The fine-tuning and quantization methods employed in this notebook are recommend from a perfomance/memory/speed point of view and are good in general, but according to your specific use-case you may use alternatives not presented here.

In [None]:
# First let's download some useful libraries - this might take several minutes

!pip install torch transformers datasets accelerate peft
!pip install torch transformers datasets optimum accelerate
!pip install git+https://github.com/casper-hansen/AutoAWQ_kernels.git -vvv
!pip install git+https://github.com/casper-hansen/AutoAWQ.git -vvv

## Fine-tuning + Quantizing
In this method, we first fine-tune the model and then quantize it.

In [None]:
# Let's import some usefull libraries

from transformers import AutoTokenizer, AutoModelForCausalLM, TrainingArguments, Trainer
from peft import LoraConfig, PeftConfig, PeftModel, get_peft_model
from awq.models import MistralAWQForCausalLM
from datasets import load_dataset
import torch
import json

### A) Fine-tuning
We use a dummy framework to LoRA fine-tune our model.

In [None]:
# Define fine-tuning parameters

DEVICE = 'cuda:0'                                                                   # device where to load the model and perform the FT and quant on
MODEL_ID = "mistralai/Mistral-7B-v0.1"                                              # model to FT+quant, can be a hugginface id or a local path
ADAPTER_ID = "mistral-7b-v0.1_lora_boolq"                                           # name given to the fine-tuned adapter
LORA_R = 16                                                                         # lora matrices' rank
LORA_ALPHA = 8                                                                      # lora alpha scaling factor
LORA_DROPOUT = 0.05                                                                 # dropout for lora matrices when training
LORA_TARGET = ['q_proj', 'k_proj', 'v_proj', 'o_proj', 'up_proj', 'down_proj']      # modules to apply lora FT on

In [None]:
# Load the model

tokenizer = AutoTokenizer.from_pretrained(MODEL_ID)
tokenizer.pad_token = tokenizer.eos_token                                   # Needed for fine-tuning (comment out if your pre-trained model already has a padding token)

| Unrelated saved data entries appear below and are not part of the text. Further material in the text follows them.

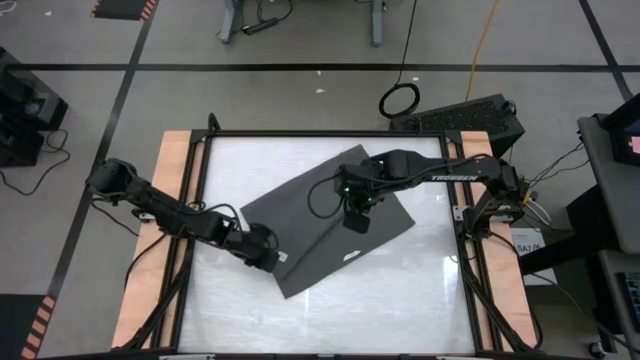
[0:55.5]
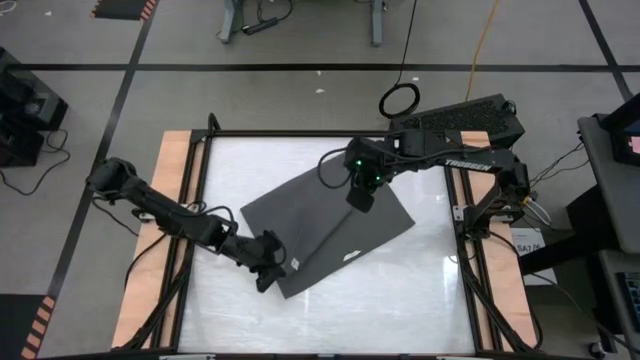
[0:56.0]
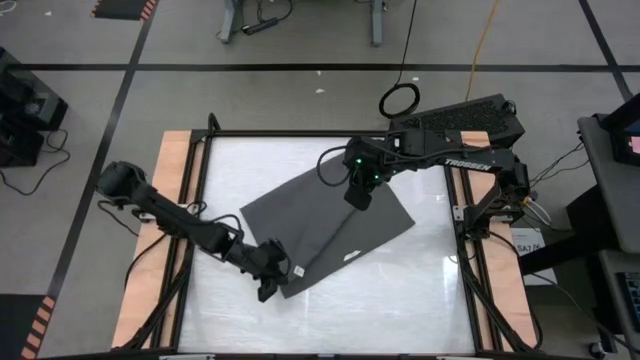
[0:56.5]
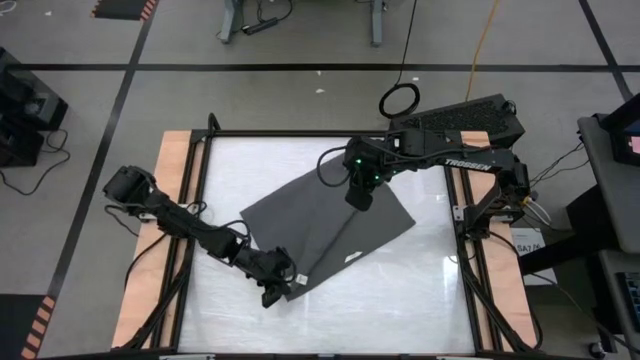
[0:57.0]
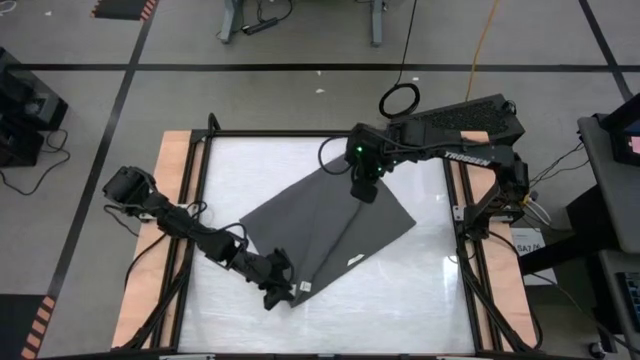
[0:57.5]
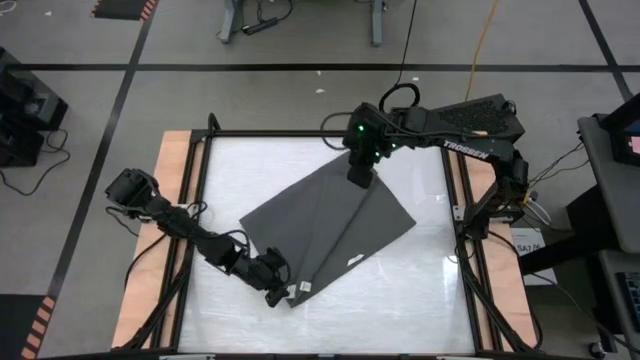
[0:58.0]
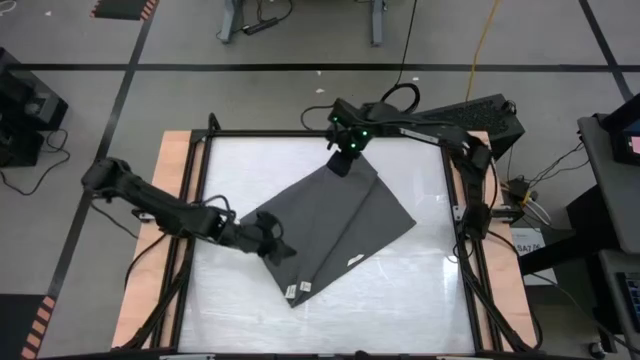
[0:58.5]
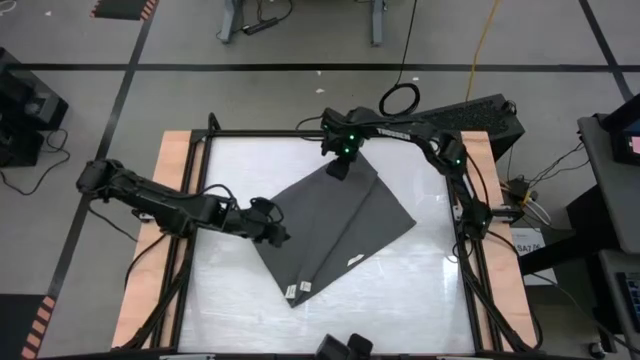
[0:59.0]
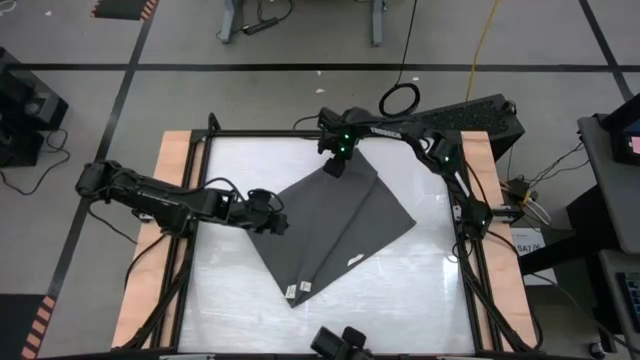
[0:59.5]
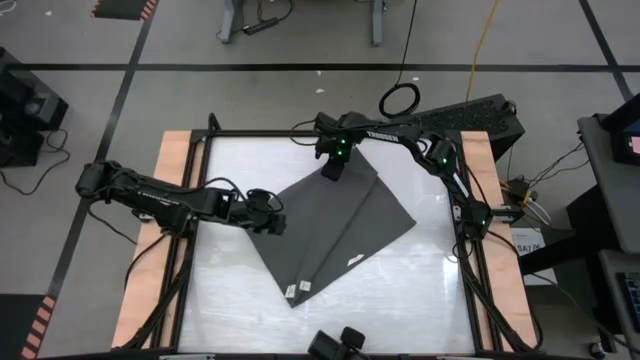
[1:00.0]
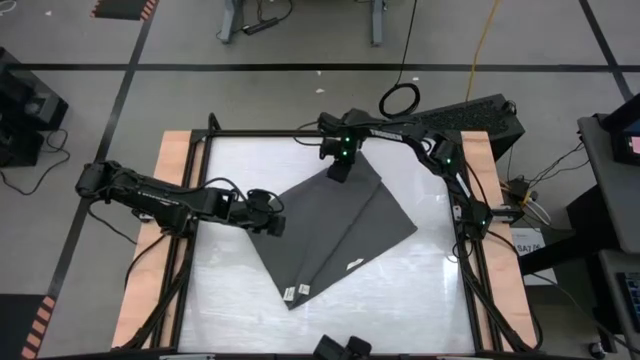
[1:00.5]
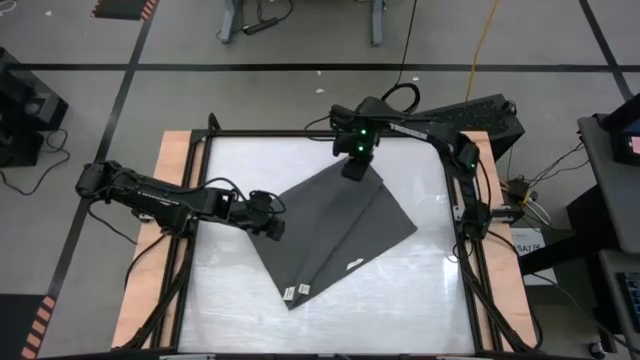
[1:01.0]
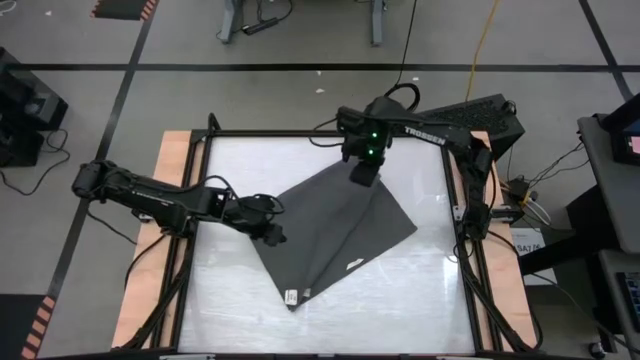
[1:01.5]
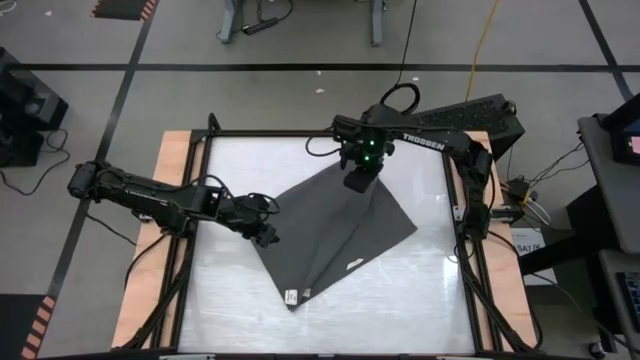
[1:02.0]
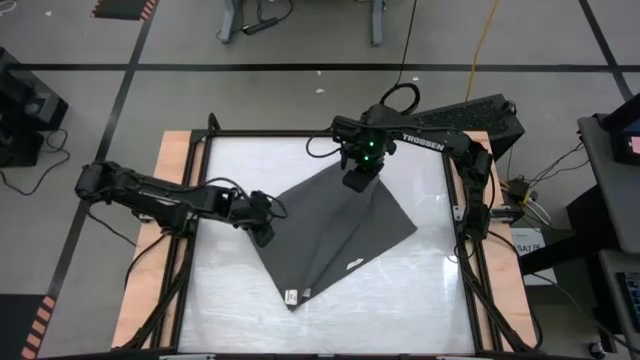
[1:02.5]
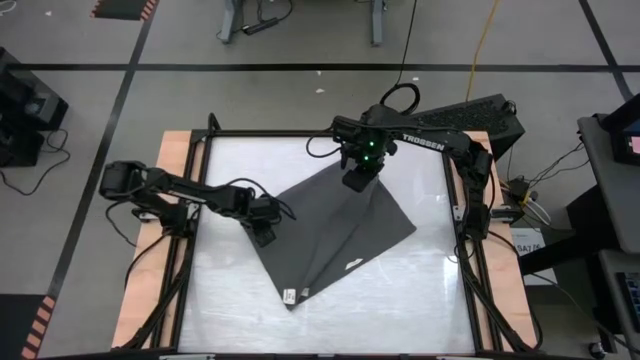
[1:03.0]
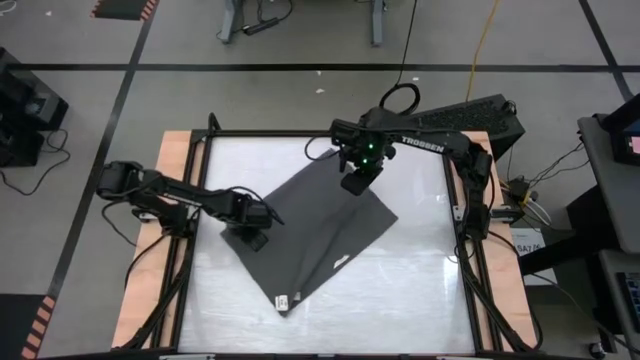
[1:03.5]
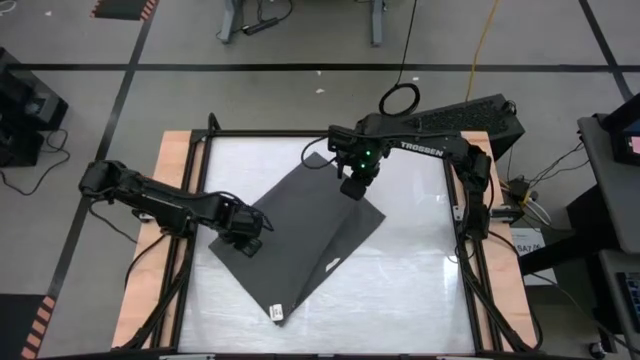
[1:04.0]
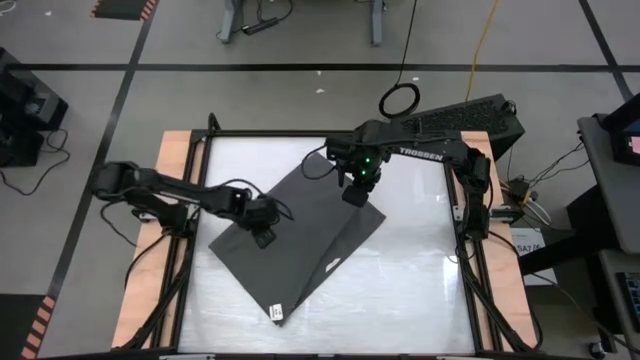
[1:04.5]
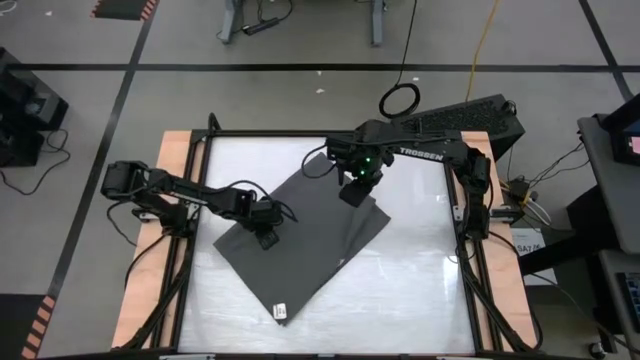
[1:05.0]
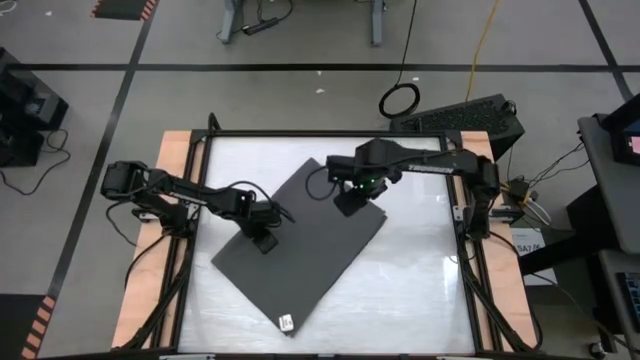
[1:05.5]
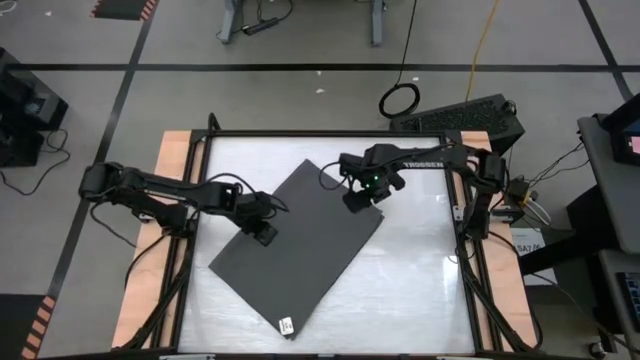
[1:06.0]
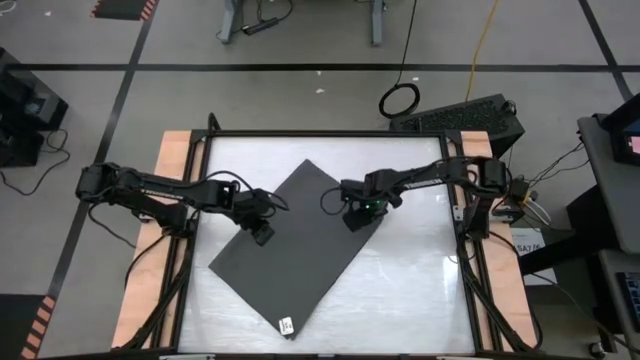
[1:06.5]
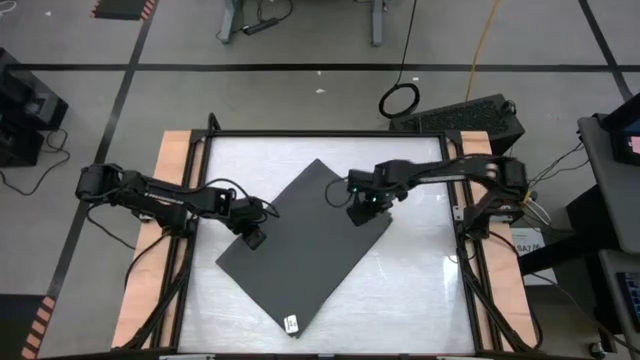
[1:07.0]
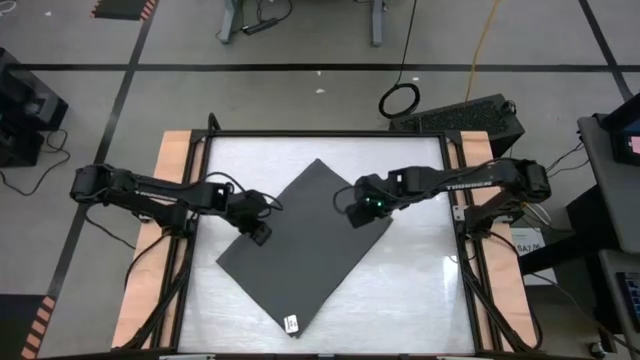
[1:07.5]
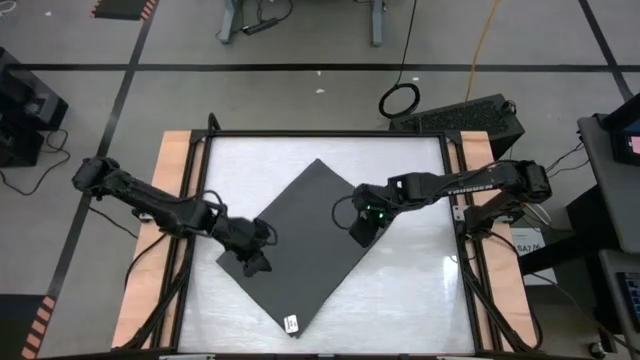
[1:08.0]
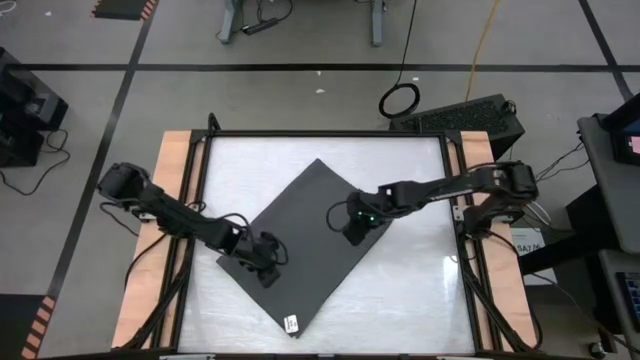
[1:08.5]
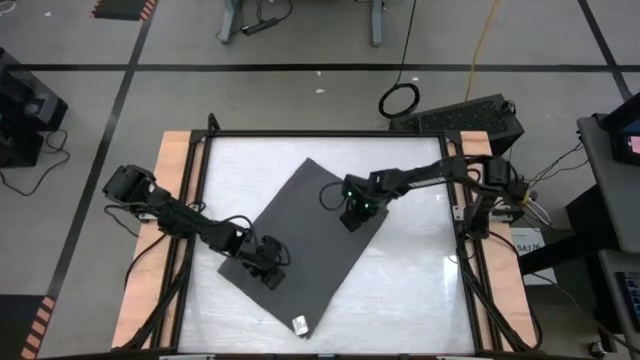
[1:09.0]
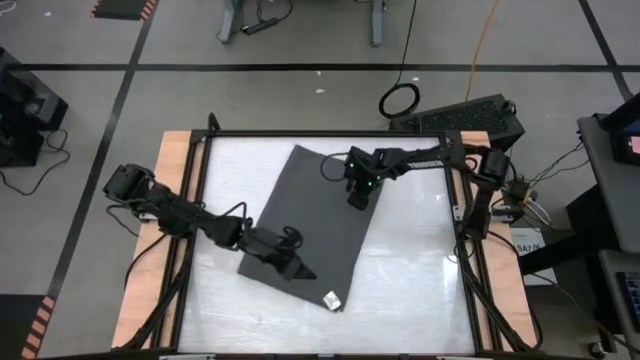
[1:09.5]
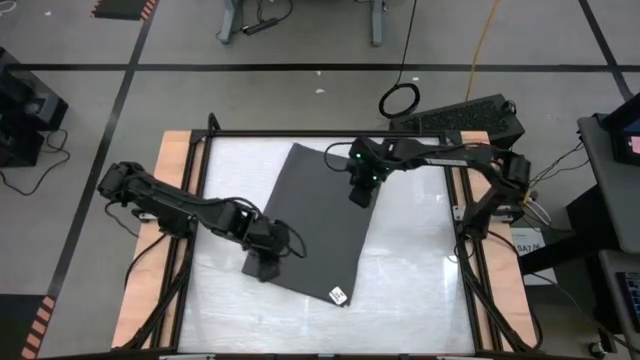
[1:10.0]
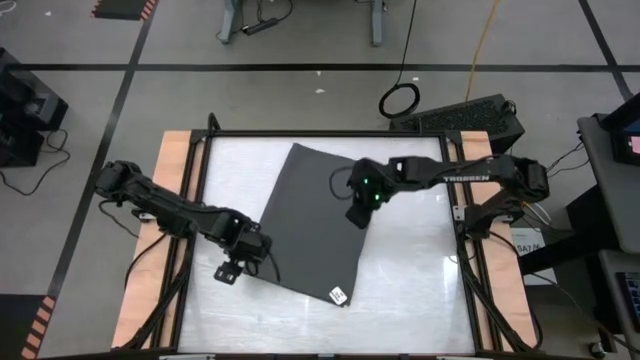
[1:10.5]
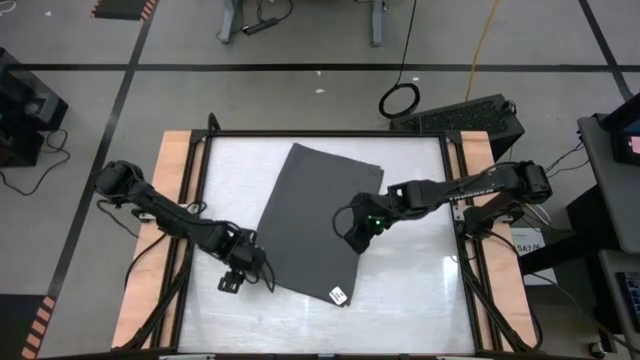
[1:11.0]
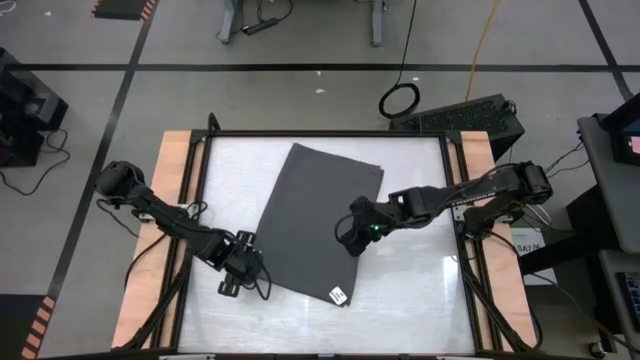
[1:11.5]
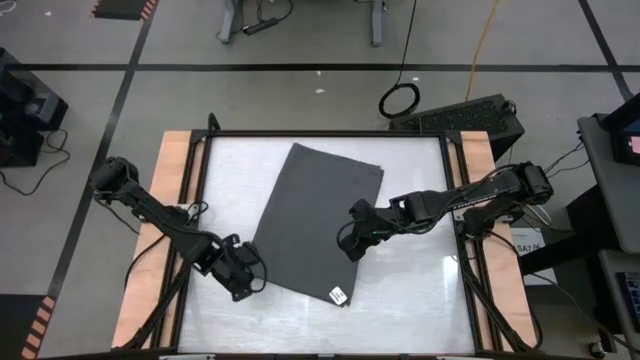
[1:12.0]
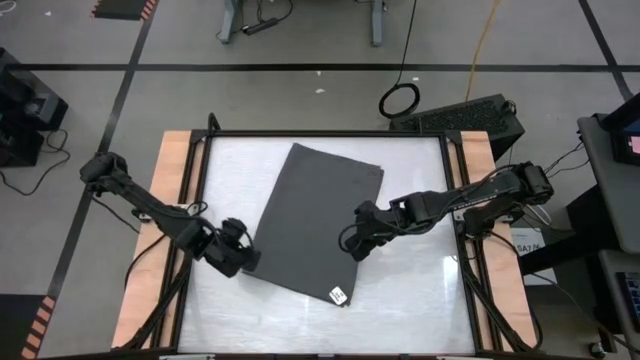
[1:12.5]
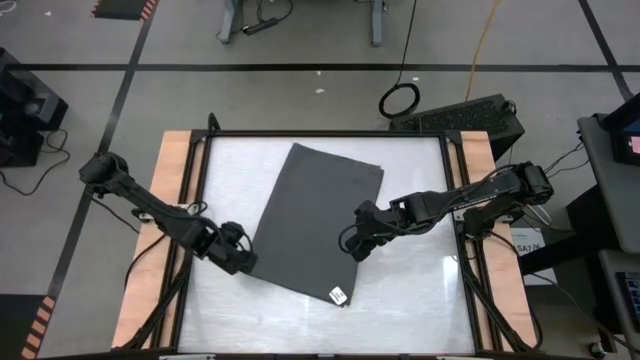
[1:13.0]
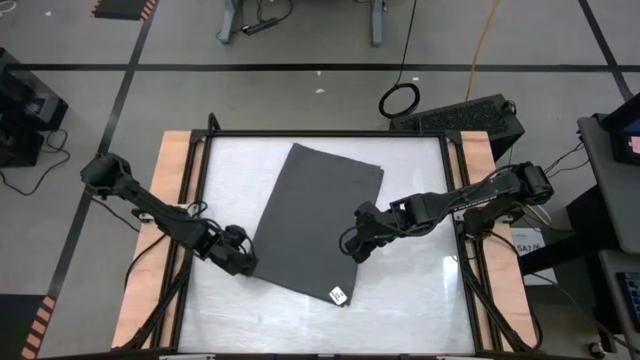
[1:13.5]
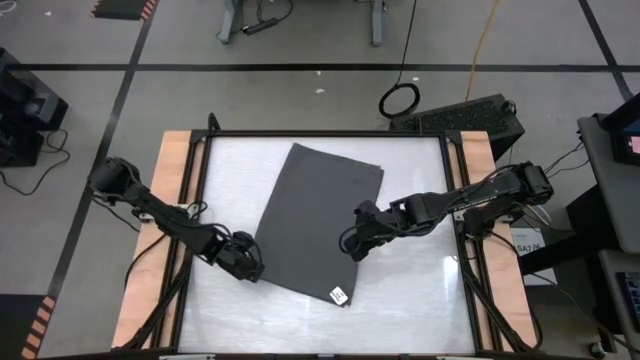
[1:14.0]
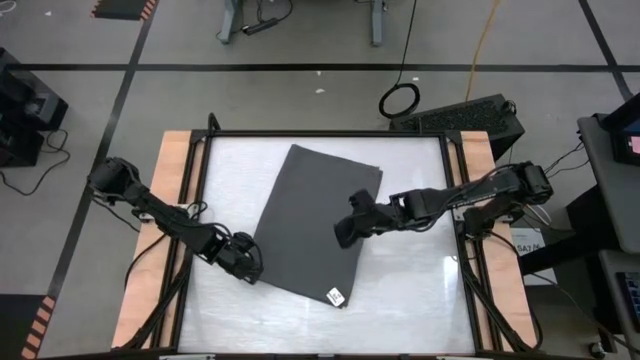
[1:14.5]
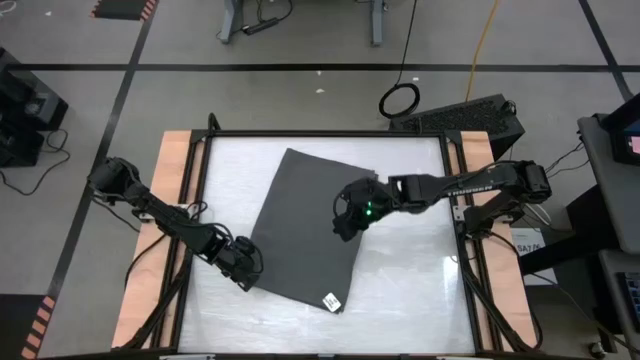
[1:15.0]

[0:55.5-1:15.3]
Task: Roll towel into tight, uniform cylinder
Roll the gray towel

model = AutoModelForCausalLM.from_pretrained(MODEL_ID,
                                             torch_dtype=torch.bfloat16,    # Working with bfloat16 is recommended when LoRA fine-tuning
                                             device_map=DEVICE,
                                            )

In [None]:
# Prepare model for LoRA fine-tuning

lora_config = LoraConfig(r=LORA_R,
                        lora_alpha=LORA_ALPHA,
                        lora_dropout=LORA_DROPOUT,
                        bias="none",
                        target_modules=LORA_TARGET)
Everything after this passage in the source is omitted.